== Segment start ==

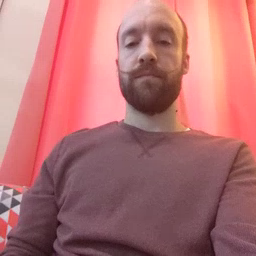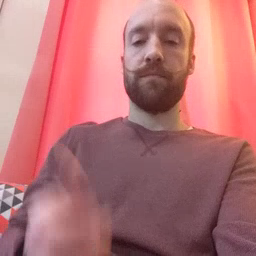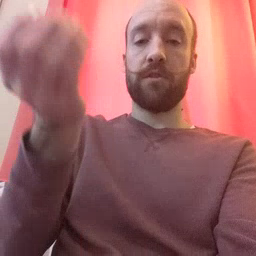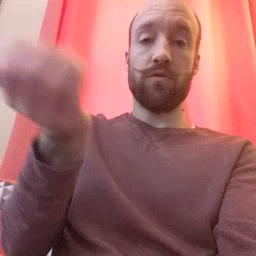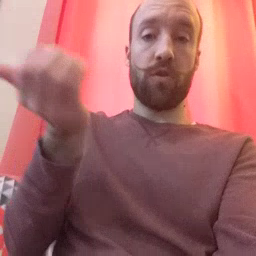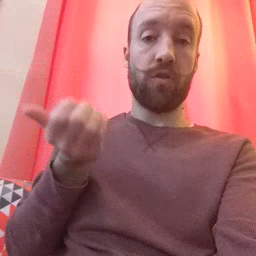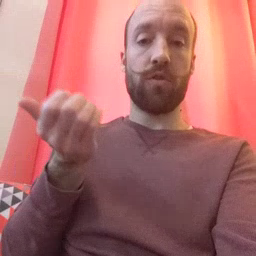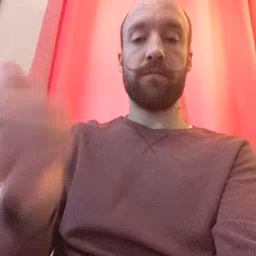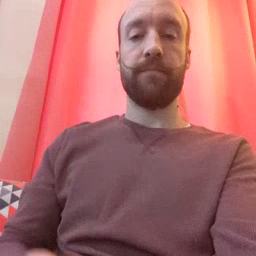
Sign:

== Segment end ==
== Segment start ==

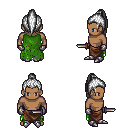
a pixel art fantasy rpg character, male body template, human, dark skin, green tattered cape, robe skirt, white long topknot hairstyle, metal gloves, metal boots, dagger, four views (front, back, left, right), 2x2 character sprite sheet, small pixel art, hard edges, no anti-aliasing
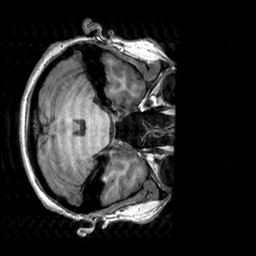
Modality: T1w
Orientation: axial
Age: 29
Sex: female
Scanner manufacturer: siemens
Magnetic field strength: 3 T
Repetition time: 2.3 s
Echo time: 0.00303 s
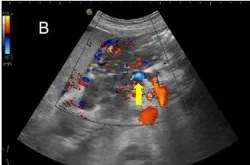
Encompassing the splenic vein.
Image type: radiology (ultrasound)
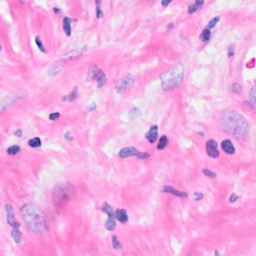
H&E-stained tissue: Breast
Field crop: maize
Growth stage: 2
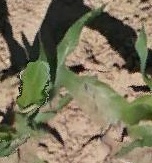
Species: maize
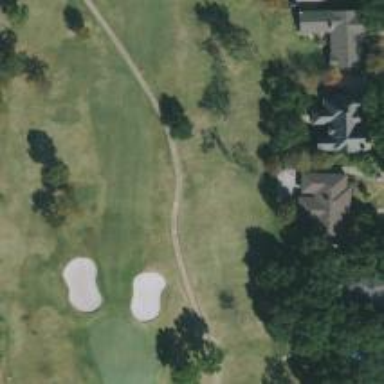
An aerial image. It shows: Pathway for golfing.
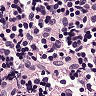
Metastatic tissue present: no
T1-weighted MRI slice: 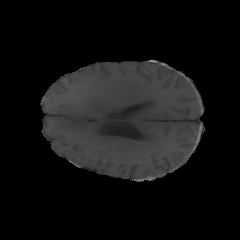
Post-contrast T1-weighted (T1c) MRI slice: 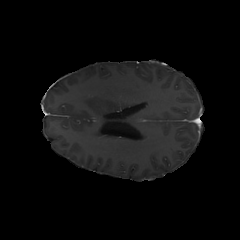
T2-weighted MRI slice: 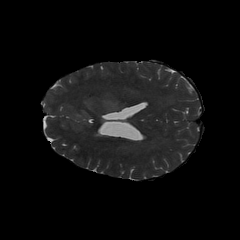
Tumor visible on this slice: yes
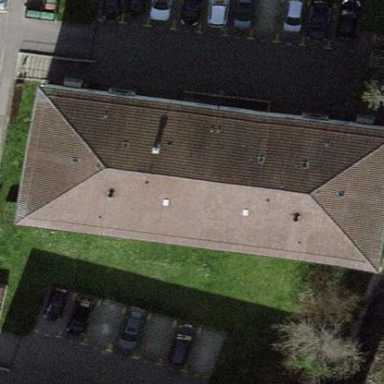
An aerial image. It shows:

== Segment end ==
== Segment start ==

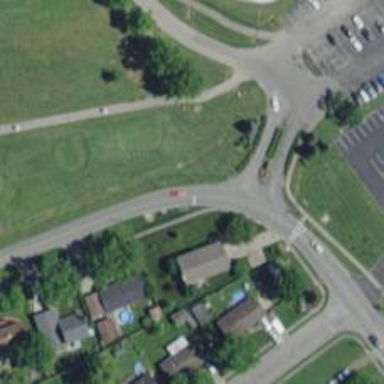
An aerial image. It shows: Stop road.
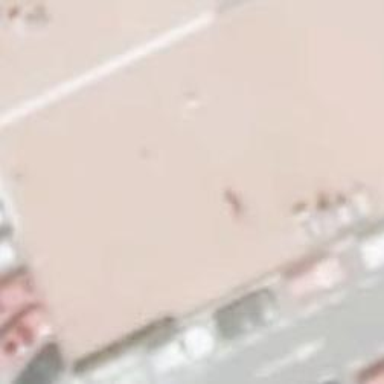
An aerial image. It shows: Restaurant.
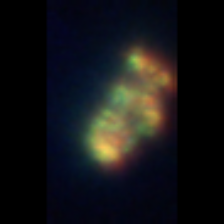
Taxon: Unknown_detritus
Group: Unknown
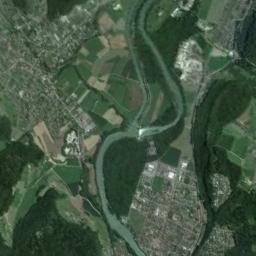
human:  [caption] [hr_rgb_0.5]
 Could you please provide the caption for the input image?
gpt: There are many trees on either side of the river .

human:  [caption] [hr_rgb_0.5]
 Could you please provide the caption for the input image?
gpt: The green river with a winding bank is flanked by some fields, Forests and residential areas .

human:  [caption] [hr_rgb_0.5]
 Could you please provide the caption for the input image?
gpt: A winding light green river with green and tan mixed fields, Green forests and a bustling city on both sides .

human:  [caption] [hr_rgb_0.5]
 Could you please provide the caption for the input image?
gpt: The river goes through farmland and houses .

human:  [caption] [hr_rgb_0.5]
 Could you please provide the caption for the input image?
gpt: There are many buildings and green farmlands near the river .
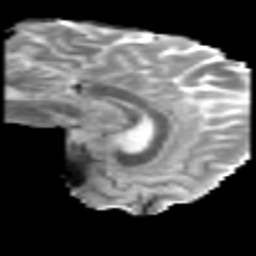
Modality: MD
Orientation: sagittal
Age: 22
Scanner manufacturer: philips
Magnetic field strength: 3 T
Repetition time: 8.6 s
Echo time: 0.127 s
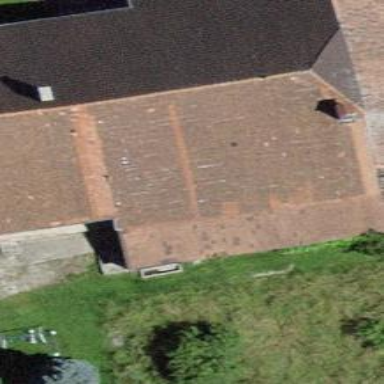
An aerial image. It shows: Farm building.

== Segment end ==

| WORK ORDER |
Return each line from the entries above that includes "manufacturer".

| TASK SOLUTION |
Scanner manufacturer: siemens
Scanner manufacturer: philips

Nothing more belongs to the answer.